# What is required
Repeat the following entries exactly, excluding pictures.

# Information given
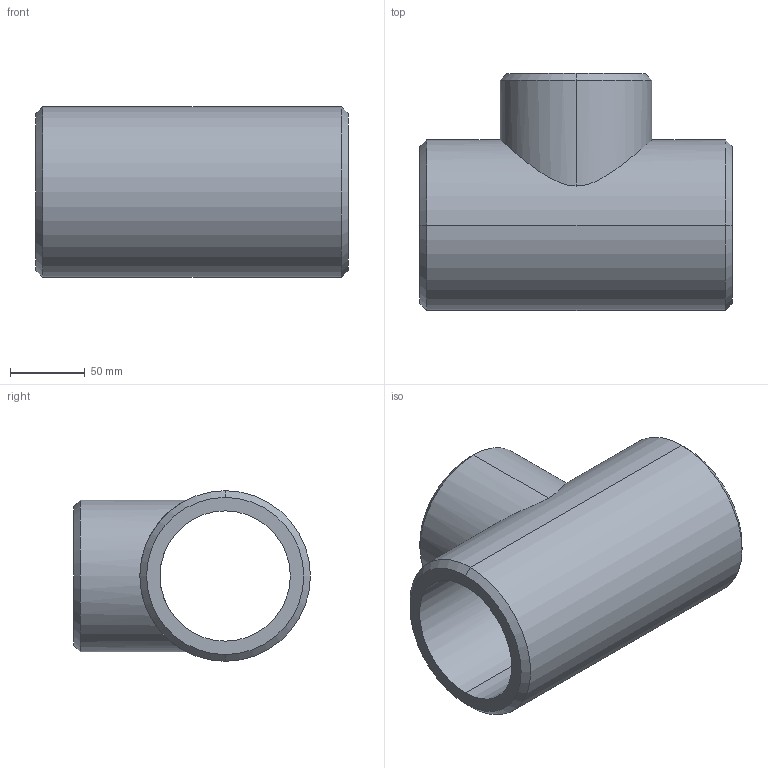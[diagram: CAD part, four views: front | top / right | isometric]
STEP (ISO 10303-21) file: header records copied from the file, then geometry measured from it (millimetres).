
FILE_DESCRIPTION (( 'STEP AP203' ), '1' );
FILE_NAME ('RTee Inch4x4x3.5 Sch160.STEP', '2025-05-10T01:14:19', '' );
FILE_SCHEMA (( 'CONFIG_CONTROL_DESIGN' ));
Length unit declared in the file: inch
Products named in the file (1): RTee Inch4x4x3.5 Sch160
Bounding box: 209.3 x 158.75 x 114.3 mm (x, y, z)
Volume: 1023309.2 mm3; surface area: 162236.4 mm2
Topology: 1 solids, 1 shells, 17 faces, 36 edges, 22 vertices
Faces by surface type: cylinder 8, cone 6, plane 3
Entity records: 863 total; most frequent: CARTESIAN_POINT 400, DIRECTION 86, ORIENTED_EDGE 72, AXIS2_PLACEMENT_3D 36, EDGE_CURVE 36, EDGE_LOOP 22, VERTEX_POINT 22, CIRCLE 18
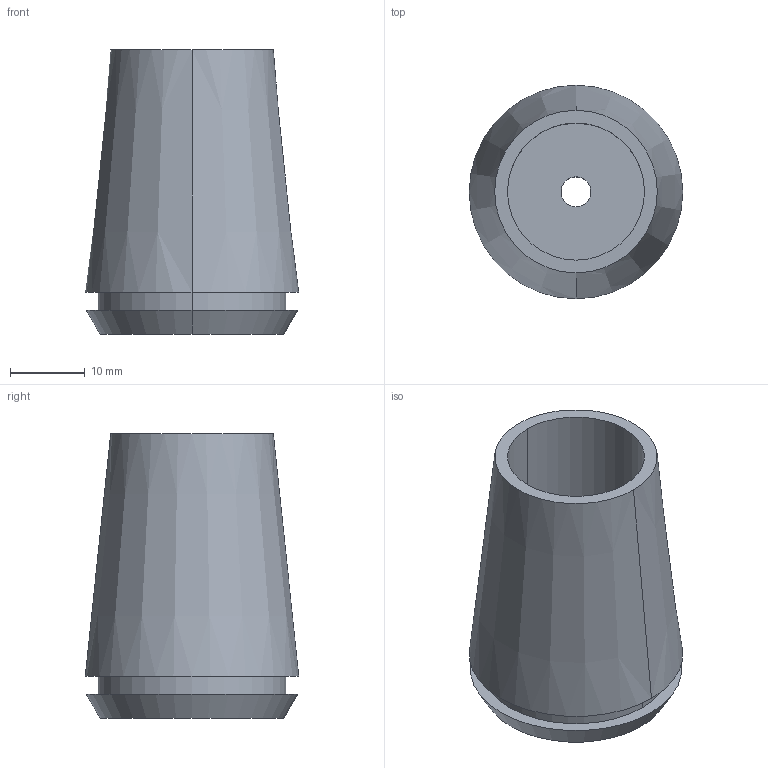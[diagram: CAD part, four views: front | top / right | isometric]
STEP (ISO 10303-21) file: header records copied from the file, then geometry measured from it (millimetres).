
FILE_DESCRIPTION((''),'2;1');
FILE_NAME('NBC20-4AA','2020-07-07T',('ykawabe'),(''),'CREO PARAMETRIC BY PTC INC, 2016380','CREO PARAMETRIC BY PTC INC, 2016380','');
FILE_SCHEMA(('AUTOMOTIVE_DESIGN { 1 0 10303 214 1 1 1 1 }'));
Length unit declared in the file: millimetre
Products named in the file (1): NBC20-4AA
Bounding box: 28.5 x 28.5 x 38 mm (x, y, z)
Volume: 14065.8 mm3; surface area: 5445.6 mm2
Topology: 1 solids, 1 shells, 15 faces, 30 edges, 20 vertices
Faces by surface type: cylinder 6, plane 5, cone 4
Entity records: 725 total; most frequent: DIRECTION 90, CARTESIAN_POINT 72, ORIENTED_EDGE 60, AXIS2_PLACEMENT_3D 40, PRESENTATION_STYLE_ASSIGNMENT 35, STYLED_ITEM 35, CURVE_STYLE 34, PROPERTY_DEFINITION 31

# Solved problem
[diagram: CAD part, four views: front | top / right | isometric]
STEP (ISO 10303-21) file: header records copied from the file, then geometry measured from it (millimetres).
FILE_DESCRIPTION (( 'STEP AP203' ), '1' );
FILE_NAME ('RTee Inch4x4x3.5 Sch160.STEP', '2025-05-10T01:14:19', '' );
FILE_SCHEMA (( 'CONFIG_CONTROL_DESIGN' ));
Length unit declared in the file: inch
Products named in the file (1): RTee Inch4x4x3.5 Sch160
Bounding box: 209.3 x 158.75 x 114.3 mm (x, y, z)
Volume: 1023309.2 mm3; surface area: 162236.4 mm2
Topology: 1 solids, 1 shells, 17 faces, 36 edges, 22 vertices
Faces by surface type: cylinder 8, cone 6, plane 3
Entity records: 863 total; most frequent: CARTESIAN_POINT 400, DIRECTION 86, ORIENTED_EDGE 72, AXIS2_PLACEMENT_3D 36, EDGE_CURVE 36, EDGE_LOOP 22, VERTEX_POINT 22, CIRCLE 18
[diagram: CAD part, four views: front | top / right | isometric]
STEP (ISO 10303-21) file: header records copied from the file, then geometry measured from it (millimetres).
FILE_DESCRIPTION((''),'2;1');
FILE_NAME('NBC20-4AA','2020-07-07T',('ykawabe'),(''),'CREO PARAMETRIC BY PTC INC, 2016380','CREO PARAMETRIC BY PTC INC, 2016380','');
FILE_SCHEMA(('AUTOMOTIVE_DESIGN { 1 0 10303 214 1 1 1 1 }'));
Length unit declared in the file: millimetre
Products named in the file (1): NBC20-4AA
Bounding box: 28.5 x 28.5 x 38 mm (x, y, z)
Volume: 14065.8 mm3; surface area: 5445.6 mm2
Topology: 1 solids, 1 shells, 15 faces, 30 edges, 20 vertices
Faces by surface type: cylinder 6, plane 5, cone 4
Entity records: 725 total; most frequent: DIRECTION 90, CARTESIAN_POINT 72, ORIENTED_EDGE 60, AXIS2_PLACEMENT_3D 40, PRESENTATION_STYLE_ASSIGNMENT 35, STYLED_ITEM 35, CURVE_STYLE 34, PROPERTY_DEFINITION 31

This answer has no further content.